***** EXERCISE INPUTS

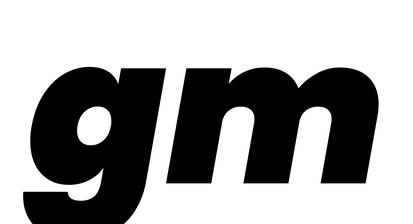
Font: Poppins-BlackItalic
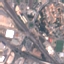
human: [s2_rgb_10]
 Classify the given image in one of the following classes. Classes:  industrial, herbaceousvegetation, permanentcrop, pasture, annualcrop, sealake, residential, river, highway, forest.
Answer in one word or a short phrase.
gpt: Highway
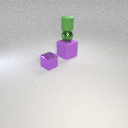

**********
***** EXERCISE INPUTS

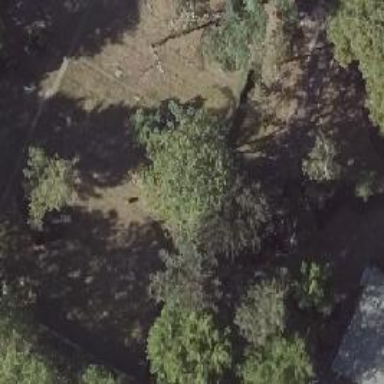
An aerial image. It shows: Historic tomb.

**********
***** EXERCISE INPUTS

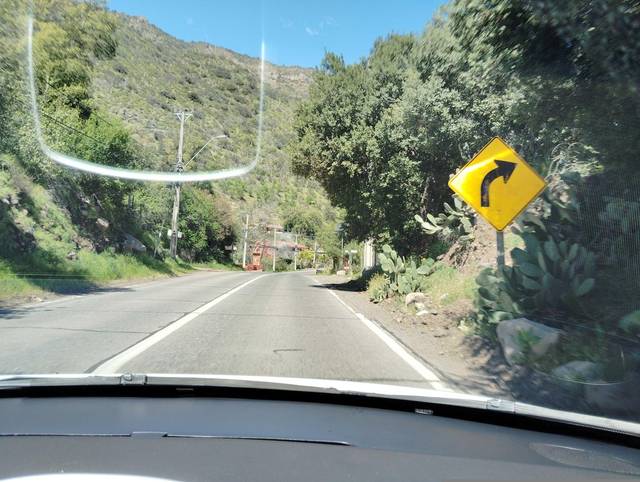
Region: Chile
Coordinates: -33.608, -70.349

**********

## ABOUT THIS EXERCISE
Return the material from the line containing "Font: Poppins-BlackItalic" through the line containing "gpt: Highway", exactly and in full, but without its pictures.

## SOLUTION FOR THIS TASK
Font: Poppins-BlackItalic
human: [s2_rgb_10]
 Classify the given image in one of the following classes. Classes:  industrial, herbaceousvegetation, permanentcrop, pasture, annualcrop, sealake, residential, river, highway, forest.
Answer in one word or a short phrase.
gpt: Highway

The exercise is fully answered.